「無い……。無い!」
津田善子は引き出しの中を乱暴に出し、次にクローゼットを開いてその中のものを慌てながら出して、更に血相を変え。
「なんでよ……なんでよぉ!」
とうとう涙目になり、悲痛な叫びを発した。
「なんで無いのよぉ。なんでぇ……」
一度出た涙を止めることができず、ポロポロと流れ、その顔をくしゃくしゃにした。
「?誰よ、こんな時に……」
机の上に置いていた携帯のバイブレーション音に気付いて、画面に映る発信者の名前に目をやる。
「梨子?」
桜内梨子。同じAqoursのメンバーで、善子の大事な娘。
今、出れるような状態じゃない。
受信ボタンを押すのを躊躇う。けど、声を聞きたい。震える指で受信ボタンを押し、耳に当てる。

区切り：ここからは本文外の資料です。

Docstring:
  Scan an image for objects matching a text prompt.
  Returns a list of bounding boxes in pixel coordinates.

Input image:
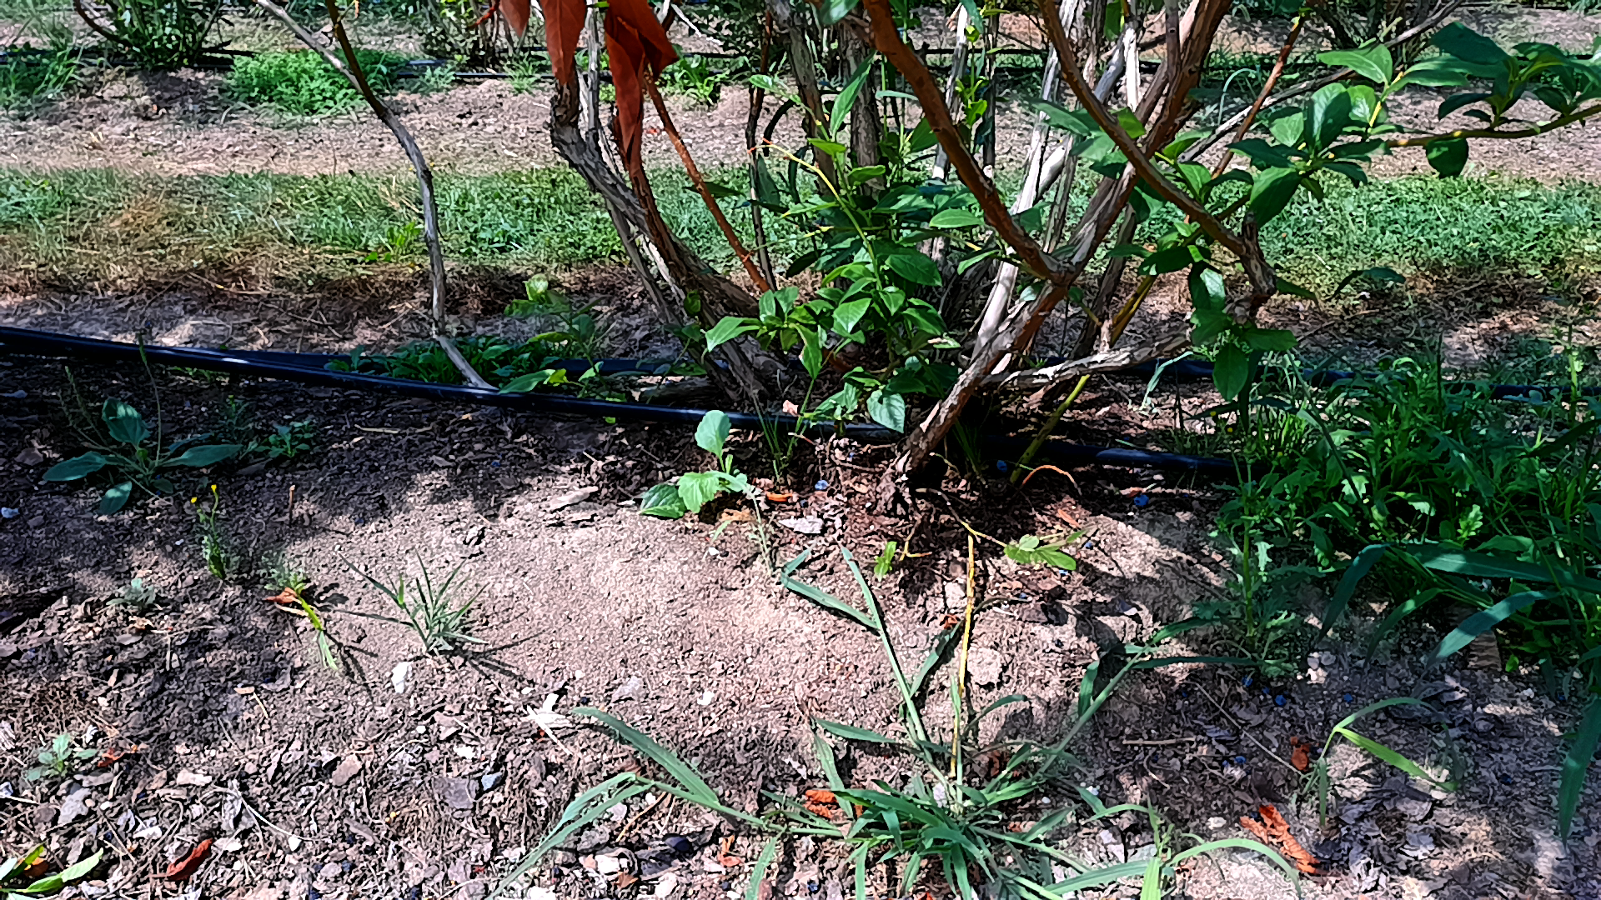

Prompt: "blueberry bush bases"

[77,0,216,82]
[658,210,1177,554]
[393,7,551,88]

「善子ちゃんどうしたの?練習来てないけど、体調悪いの?」
「べ、別に……」
「そう?あの、今善子ちゃんの家の近くにいるんだけど、寄ってもいい?」
「ふぇっ!?」
普段だったらうれしい言葉。けど、今の部屋と自分の状態で梨子を招くなどできない。
「え!?いや、えっと!」
「どうしたの?やっぱりちょっと変。今からいくね」
「あ!?ちょっとまっ!って、切れたー!!」
どうする?梨子の言葉が本当なら、すぐにでもすぐにでも来てしまう。
片付ける?いや、間に合わない。そもそも、今それをしたら、それこそ本来の目的が達成できなくなる。
どうするべきか、まとまらない思考に支配される。そのとき、
“ピンポーン”
「っえぇぇぇぇ!!」
善子の予想より早く、タイムアウトを告げる音が鳴り響いた。
づする?いっそ居留守を使うか?いや、先ほどの会話で自分が言えにいることは分かっているはず。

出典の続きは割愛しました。